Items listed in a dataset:
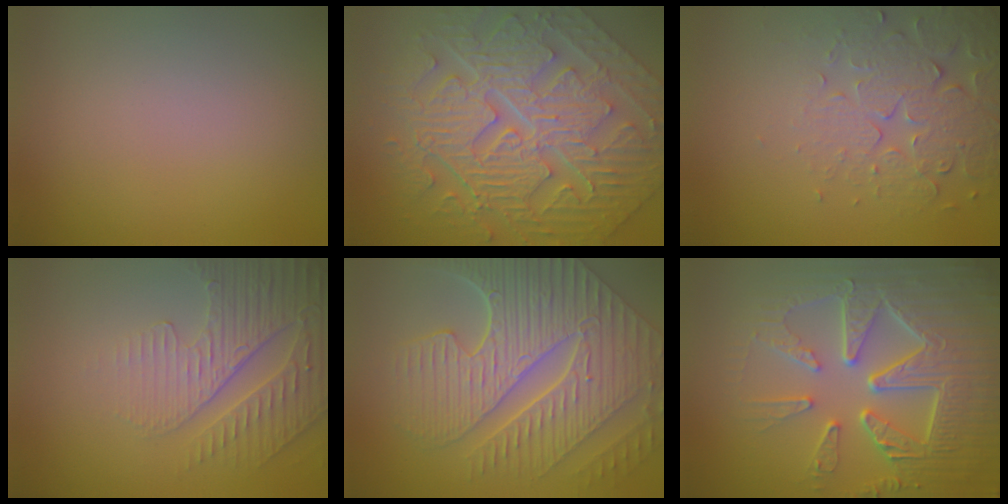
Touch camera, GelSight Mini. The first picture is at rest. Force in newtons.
{"total": 11.1, "press": 7.8, "slide": 7.9}
{"total": 5.0, "press": 3.7, "slide": 3.3}
{"total": 4.8, "press": 3.6, "slide": 3.1}
{"total": 10.0, "press": 7.5, "slide": 6.7}
{"total": 9.4, "press": 6.7, "slide": 6.5}
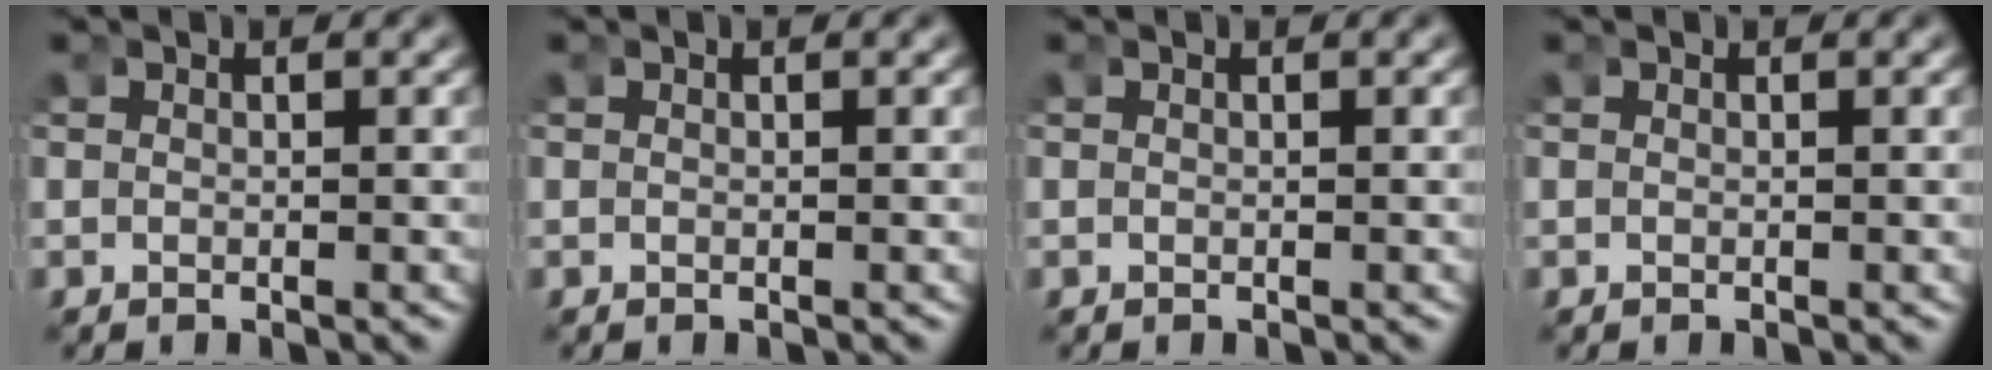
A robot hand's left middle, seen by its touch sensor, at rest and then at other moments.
{"total": 0.0}
{"total": 0.0}
{"total": 0.0}
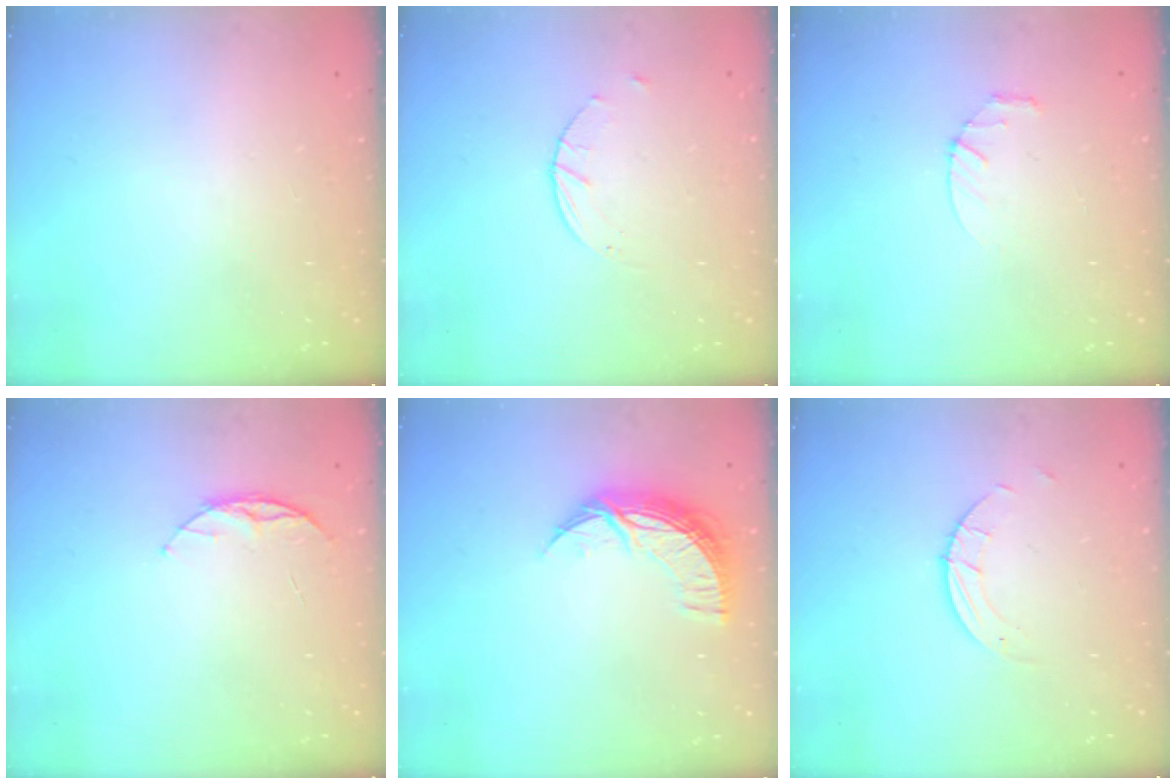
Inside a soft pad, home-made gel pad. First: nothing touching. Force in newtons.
{"total": 2.6, "press": 2.6, "slide": 0.4}
{"total": 2.8, "press": 2.8, "slide": 0.4}
{"total": 6.0, "press": 5.9, "slide": 0.6}
{"total": 10.0, "press": 10.0, "slide": 0.5}
{"total": 1.5, "press": 1.5, "slide": 0.1}
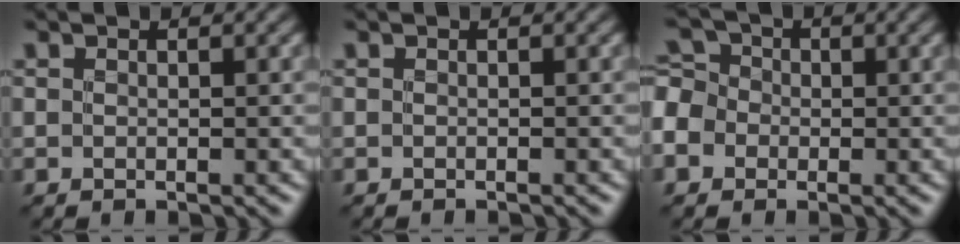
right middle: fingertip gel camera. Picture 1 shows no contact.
{"total": 0.7, "force": [-0.6, 0.0, 0.2], "torque": [0.001, -0.002, -0.010]}
{"total": 5.8, "force": [-2.1, 4.8, 2.4], "torque": [-0.060, 0.008, -0.049]}

• _Goal of the exercise_
All the lines above must be written out exactly, without a single picture.

• _Completed task_
Touch camera, GelSight Mini. The first picture is at rest. Force in newtons.
{"total": 11.1, "press": 7.8, "slide": 7.9}
{"total": 5.0, "press": 3.7, "slide": 3.3}
{"total": 4.8, "press": 3.6, "slide": 3.1}
{"total": 10.0, "press": 7.5, "slide": 6.7}
{"total": 9.4, "press": 6.7, "slide": 6.5}
A robot hand's left middle, seen by its touch sensor, at rest and then at other moments.
{"total": 0.0}
{"total": 0.0}
{"total": 0.0}
Inside a soft pad, home-made gel pad. First: nothing touching. Force in newtons.
{"total": 2.6, "press": 2.6, "slide": 0.4}
{"total": 2.8, "press": 2.8, "slide": 0.4}
{"total": 6.0, "press": 5.9, "slide": 0.6}
{"total": 10.0, "press": 10.0, "slide": 0.5}
{"total": 1.5, "press": 1.5, "slide": 0.1}
right middle: fingertip gel camera. Picture 1 shows no contact.
{"total": 0.7, "force": [-0.6, 0.0, 0.2], "torque": [0.001, -0.002, -0.010]}
{"total": 5.8, "force": [-2.1, 4.8, 2.4], "torque": [-0.060, 0.008, -0.049]}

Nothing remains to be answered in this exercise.